Exercise objective
The result should be all the records, exact and complete, without a single picture.

----- Data in this exercise -----

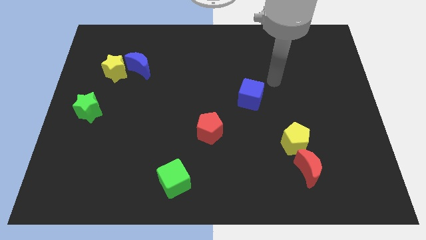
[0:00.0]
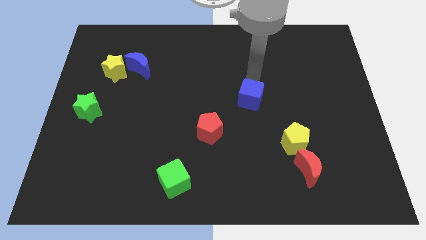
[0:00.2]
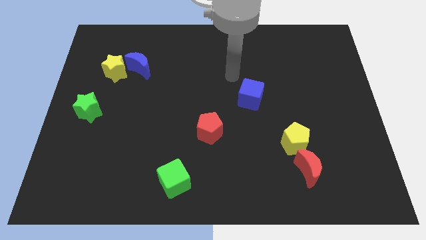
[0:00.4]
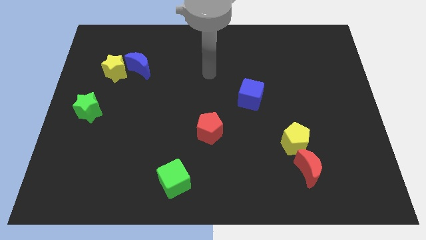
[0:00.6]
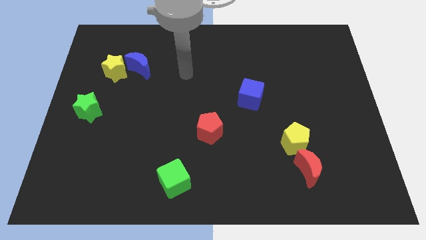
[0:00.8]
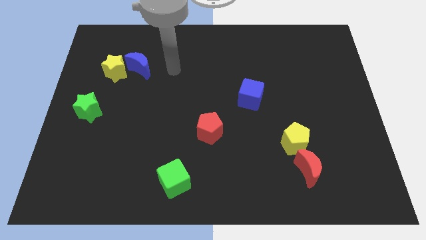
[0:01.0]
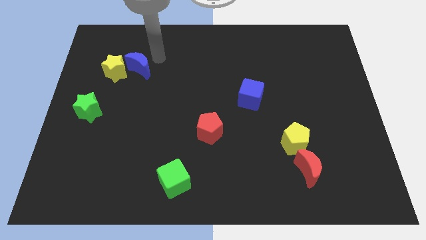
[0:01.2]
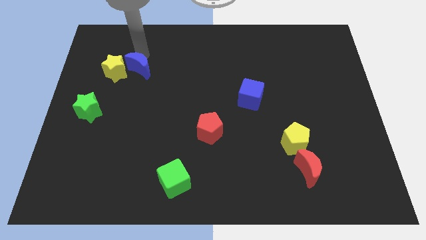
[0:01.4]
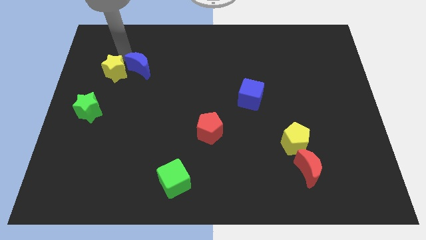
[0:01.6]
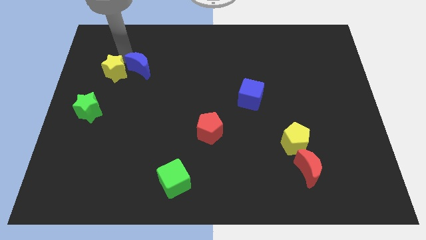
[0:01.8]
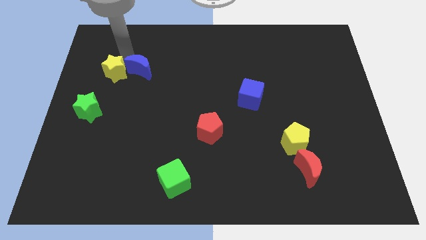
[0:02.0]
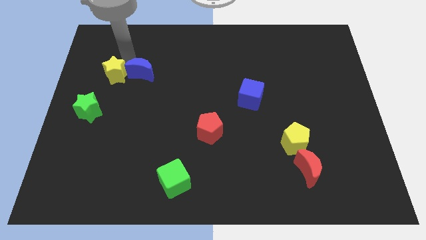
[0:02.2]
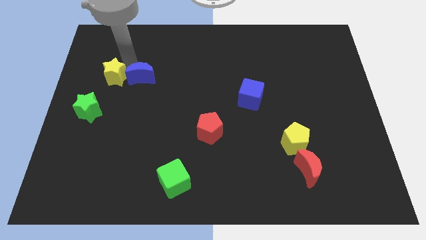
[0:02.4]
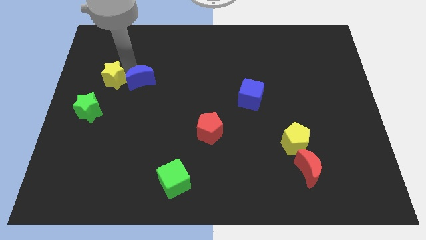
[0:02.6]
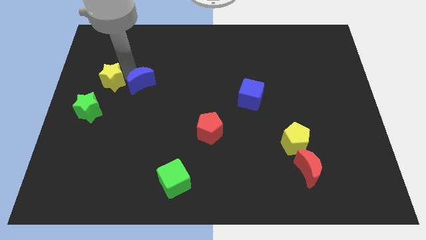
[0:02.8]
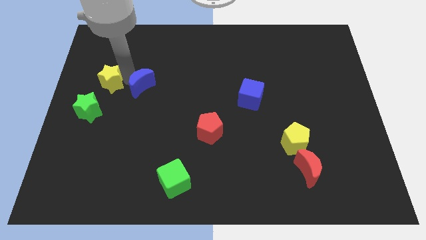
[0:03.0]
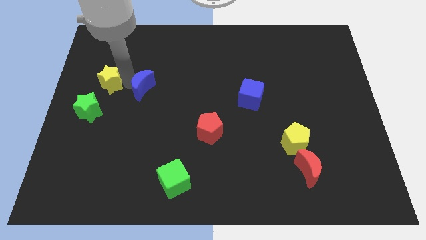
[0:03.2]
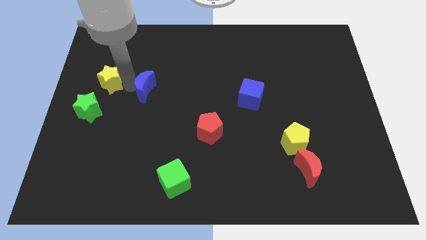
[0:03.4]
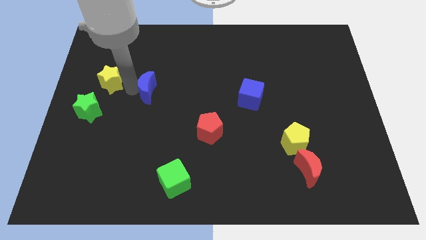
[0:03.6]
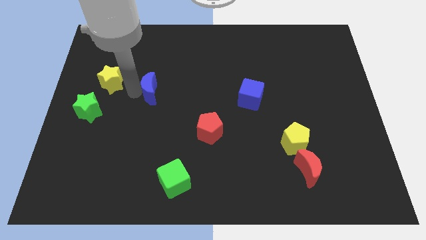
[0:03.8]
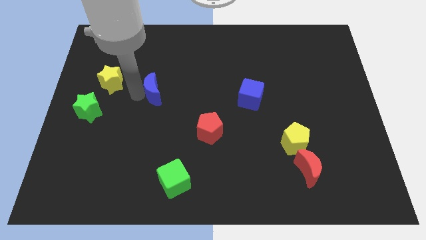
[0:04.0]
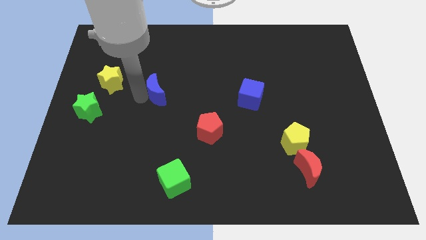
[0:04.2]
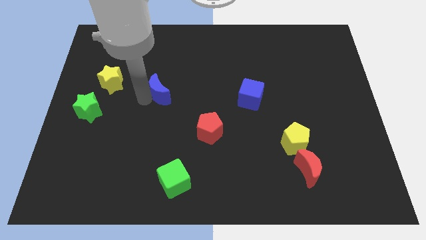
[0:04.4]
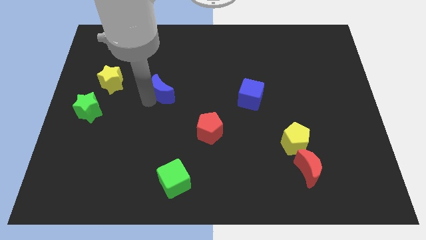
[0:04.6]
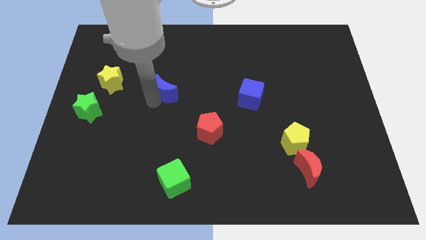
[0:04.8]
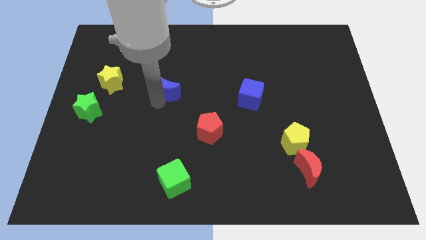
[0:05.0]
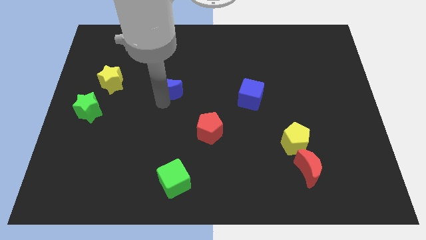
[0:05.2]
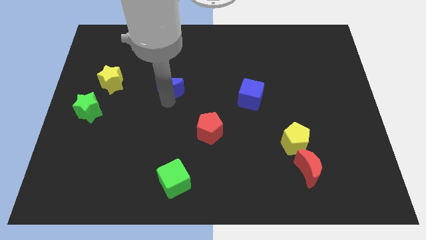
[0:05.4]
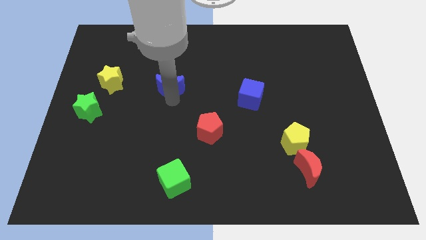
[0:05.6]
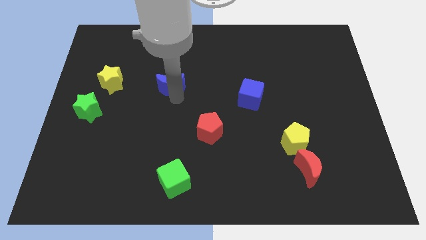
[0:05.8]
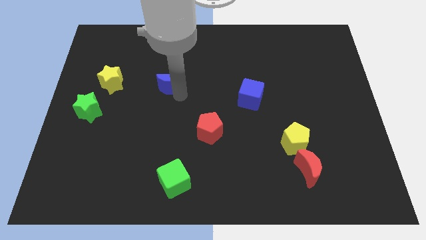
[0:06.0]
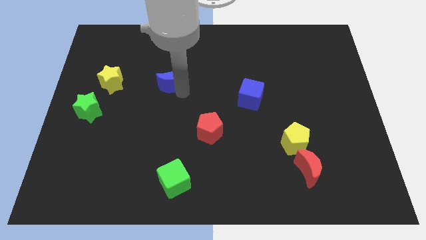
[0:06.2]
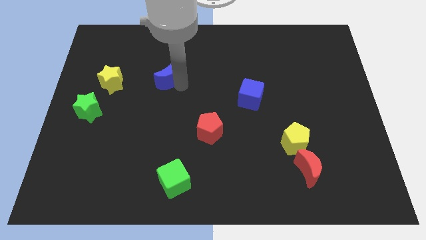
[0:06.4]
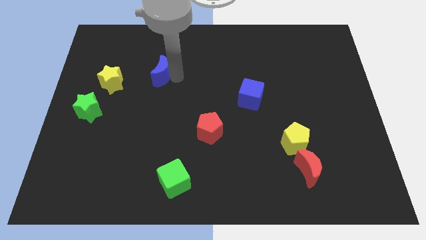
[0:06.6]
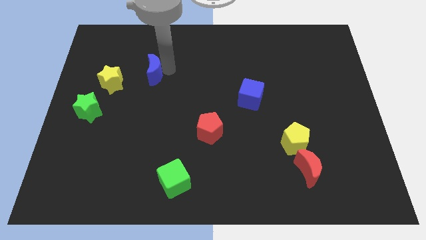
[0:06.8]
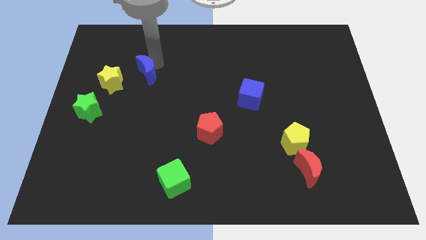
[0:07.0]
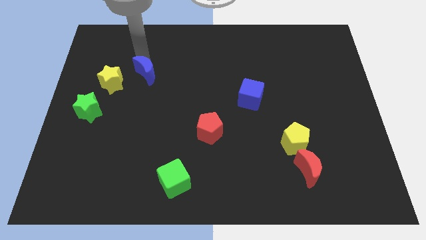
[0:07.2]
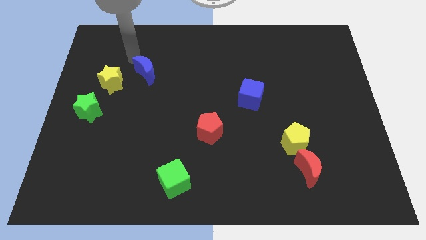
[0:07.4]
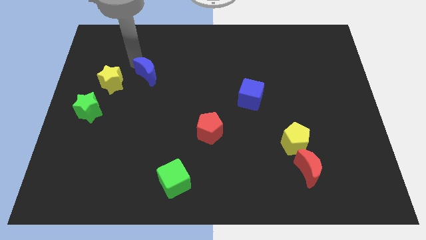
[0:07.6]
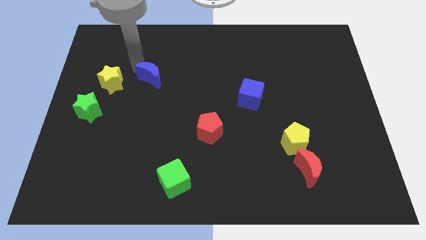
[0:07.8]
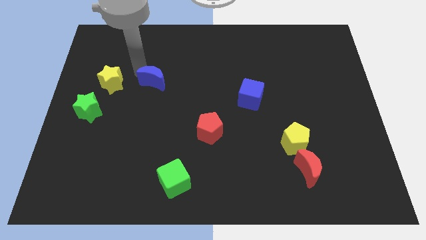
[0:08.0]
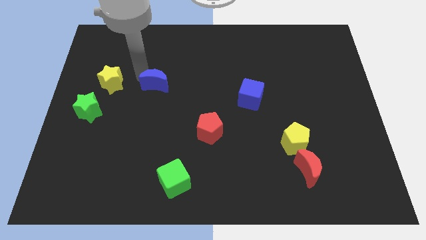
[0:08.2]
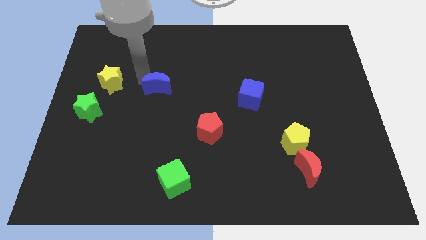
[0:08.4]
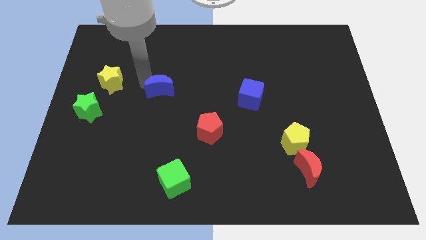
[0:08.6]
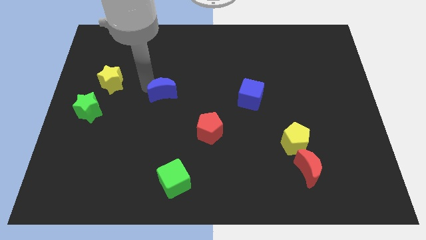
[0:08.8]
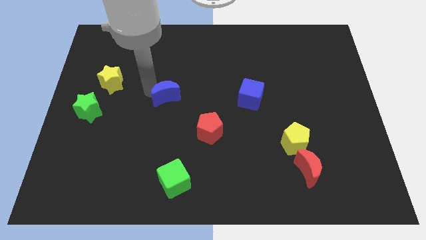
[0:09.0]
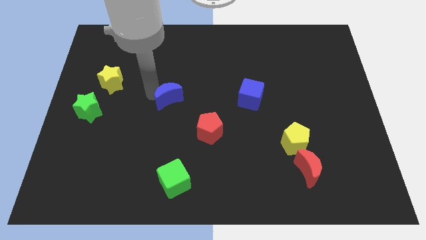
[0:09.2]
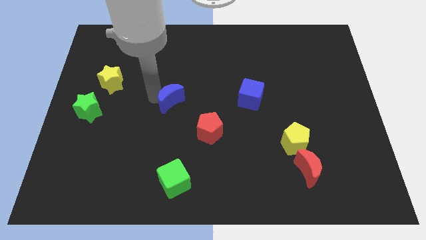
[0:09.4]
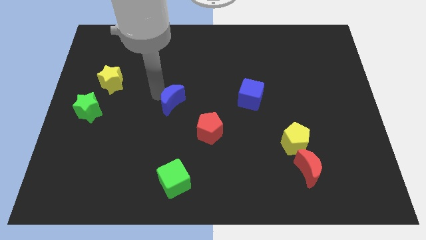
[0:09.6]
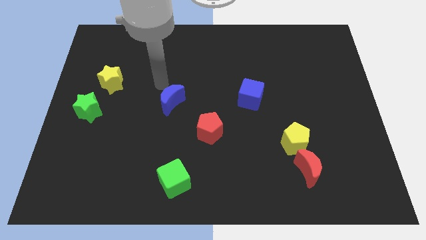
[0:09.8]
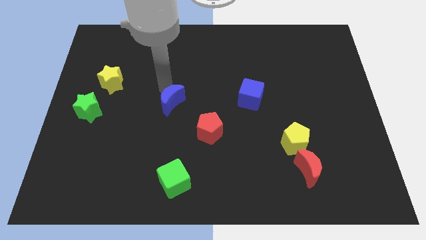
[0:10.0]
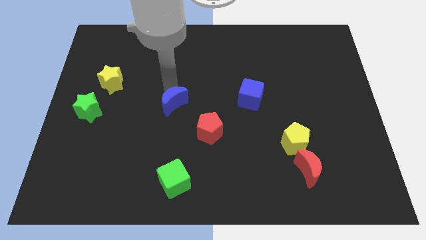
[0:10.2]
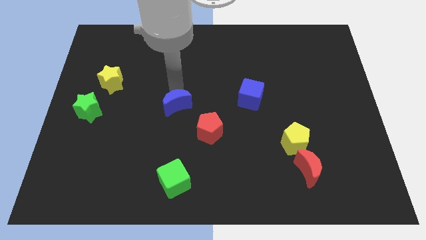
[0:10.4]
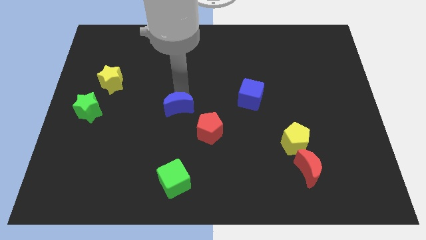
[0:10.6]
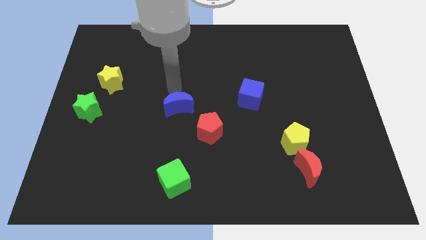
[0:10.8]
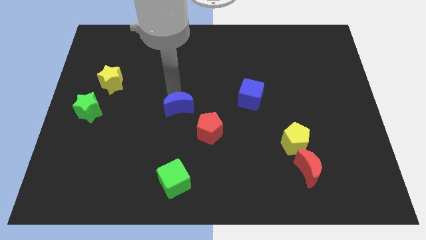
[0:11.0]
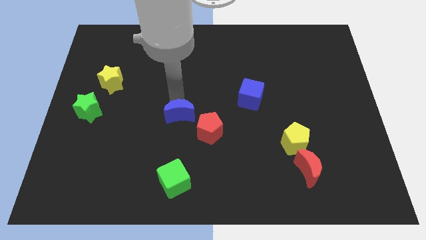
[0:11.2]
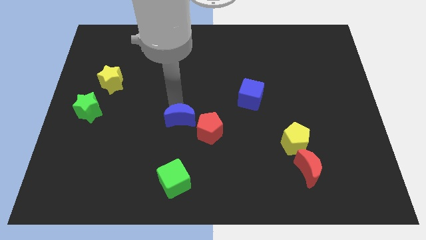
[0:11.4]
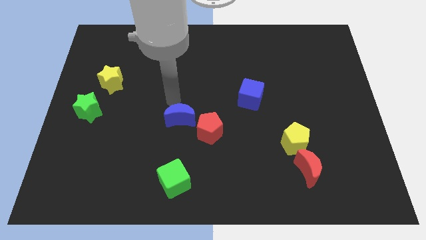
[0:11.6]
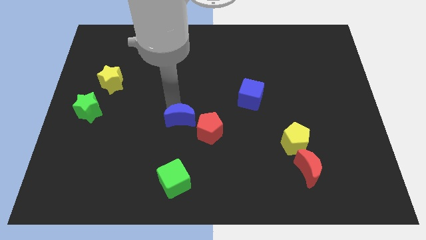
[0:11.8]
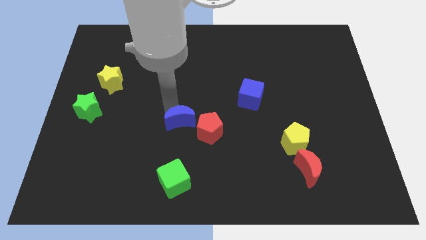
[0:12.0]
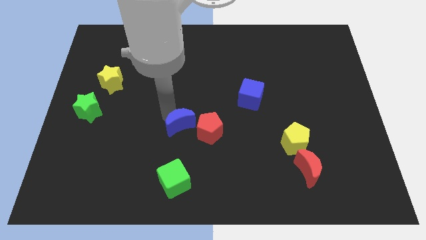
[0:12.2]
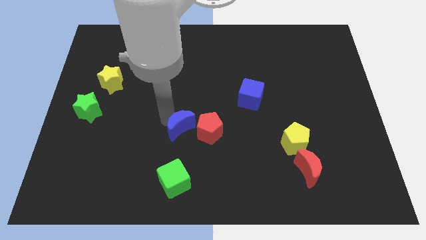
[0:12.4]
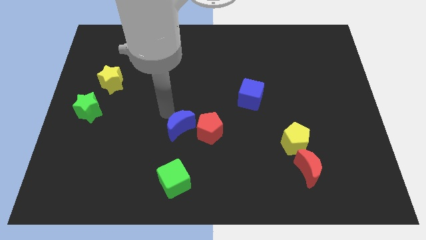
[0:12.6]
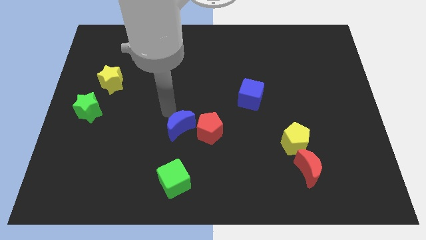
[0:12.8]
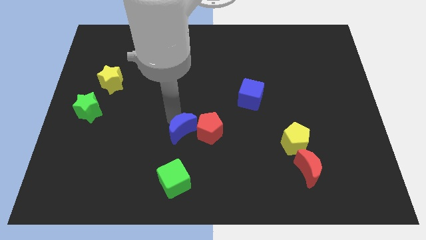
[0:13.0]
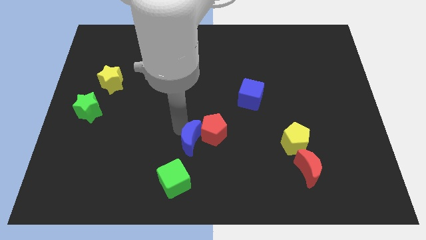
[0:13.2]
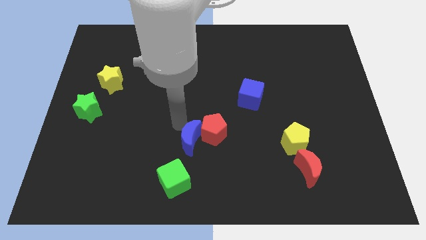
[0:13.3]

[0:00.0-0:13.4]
push the blue moon to the top right of the green cube

-----

Answer space
[0:00.0]
[0:00.2]
[0:00.4]
[0:00.6]
[0:00.8]
[0:01.0]
[0:01.2]
[0:01.4]
[0:01.6]
[0:01.8]
[0:02.0]
[0:02.2]
[0:02.4]
[0:02.6]
[0:02.8]
[0:03.0]
[0:03.2]
[0:03.4]
[0:03.6]
[0:03.8]
[0:04.0]
[0:04.2]
[0:04.4]
[0:04.6]
[0:04.8]
[0:05.0]
[0:05.2]
[0:05.4]
[0:05.6]
[0:05.8]
[0:06.0]
[0:06.2]
[0:06.4]
[0:06.6]
[0:06.8]
[0:07.0]
[0:07.2]
[0:07.4]
[0:07.6]
[0:07.8]
[0:08.0]
[0:08.2]
[0:08.4]
[0:08.6]
[0:08.8]
[0:09.0]
[0:09.2]
[0:09.4]
[0:09.6]
[0:09.8]
[0:10.0]
[0:10.2]
[0:10.4]
[0:10.6]
[0:10.8]
[0:11.0]
[0:11.2]
[0:11.4]
[0:11.6]
[0:11.8]
[0:12.0]
[0:12.2]
[0:12.4]
[0:12.6]
[0:12.8]
[0:13.0]
[0:13.2]
[0:13.3]

[0:00.0-0:13.4]
push the blue moon to the top right of the green cube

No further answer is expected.